## EXERCISE PROMPT
Images are not wanted; transcribe the rest of the listing exactly.

## MATERIAL FOR THE TASK
# # # #

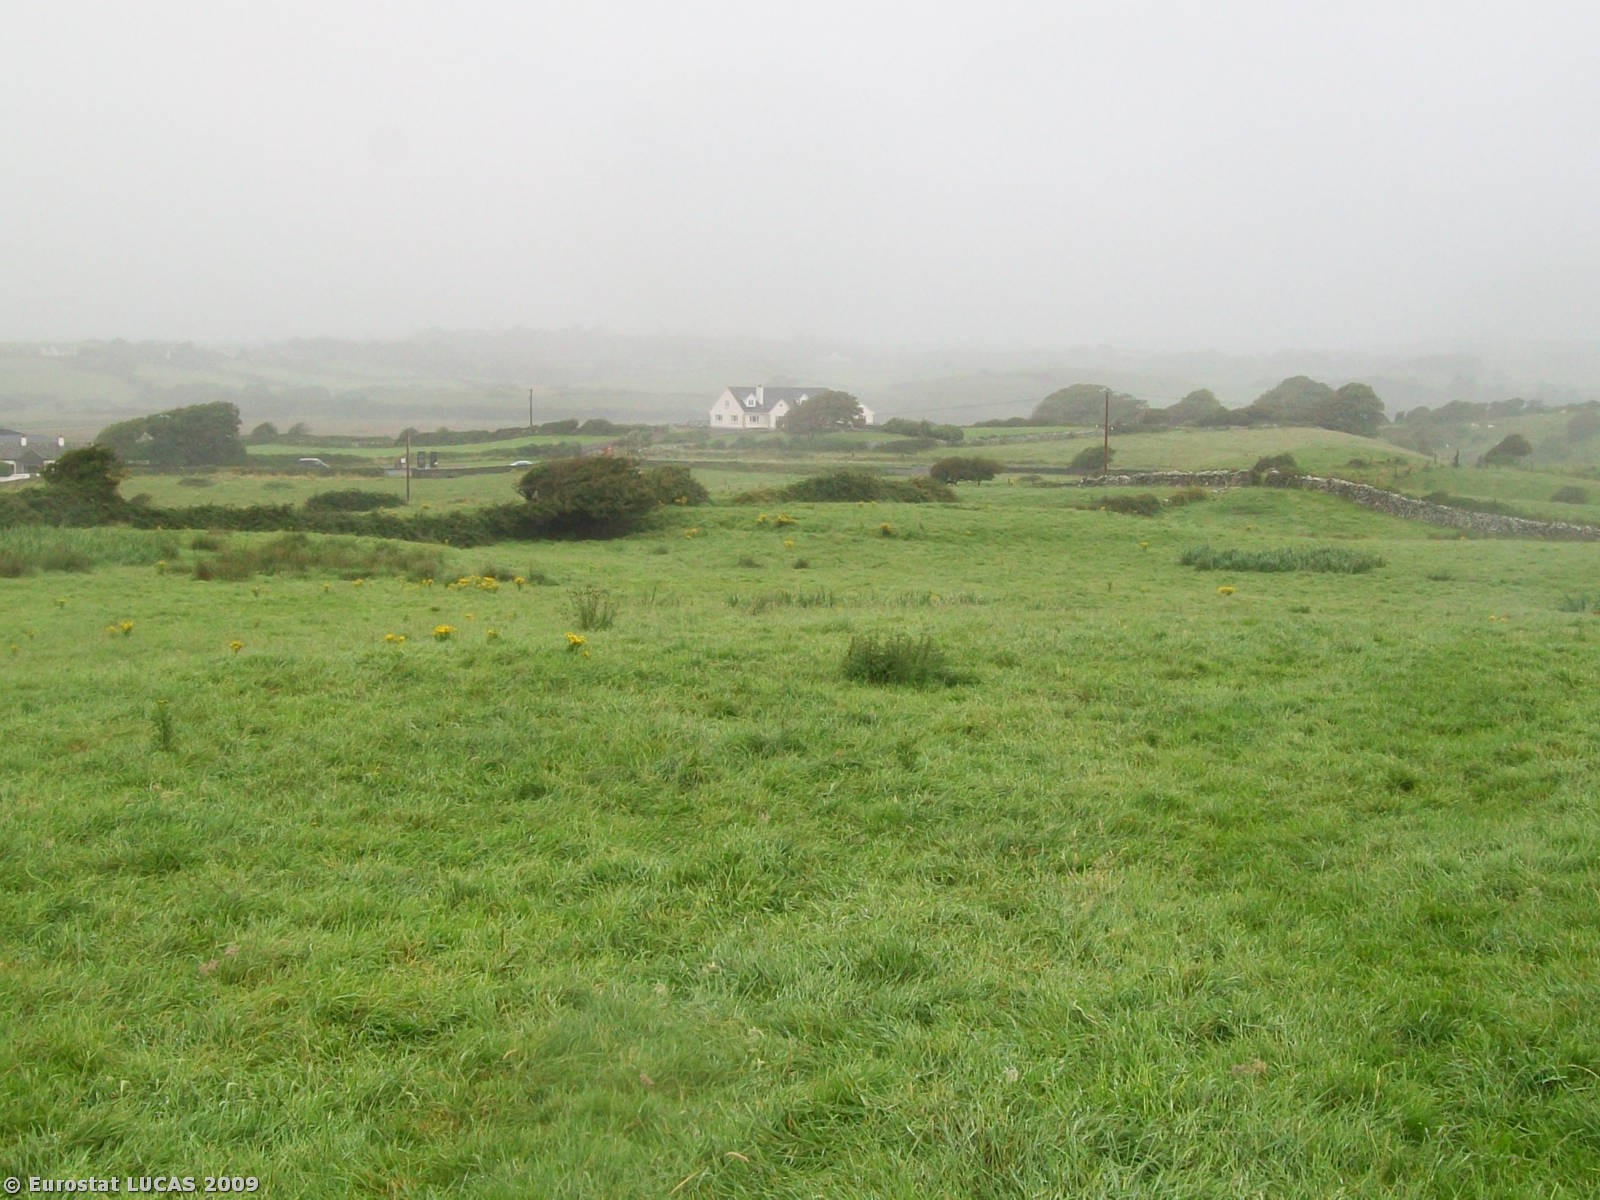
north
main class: Grassland
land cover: Grassland without tree/shrub cover
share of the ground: > 75 %
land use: Agriculture (excluding fallow land and kitchen gardens)
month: August
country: IE
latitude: 52.9357
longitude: -9.3145

# # # #

## ANSWER SECTION
north
main class: Grassland
land cover: Grassland without tree/shrub cover
share of the ground: > 75 %
land use: Agriculture (excluding fallow land and kitchen gardens)
month: August
country: IE
latitude: 52.9357
longitude: -9.3145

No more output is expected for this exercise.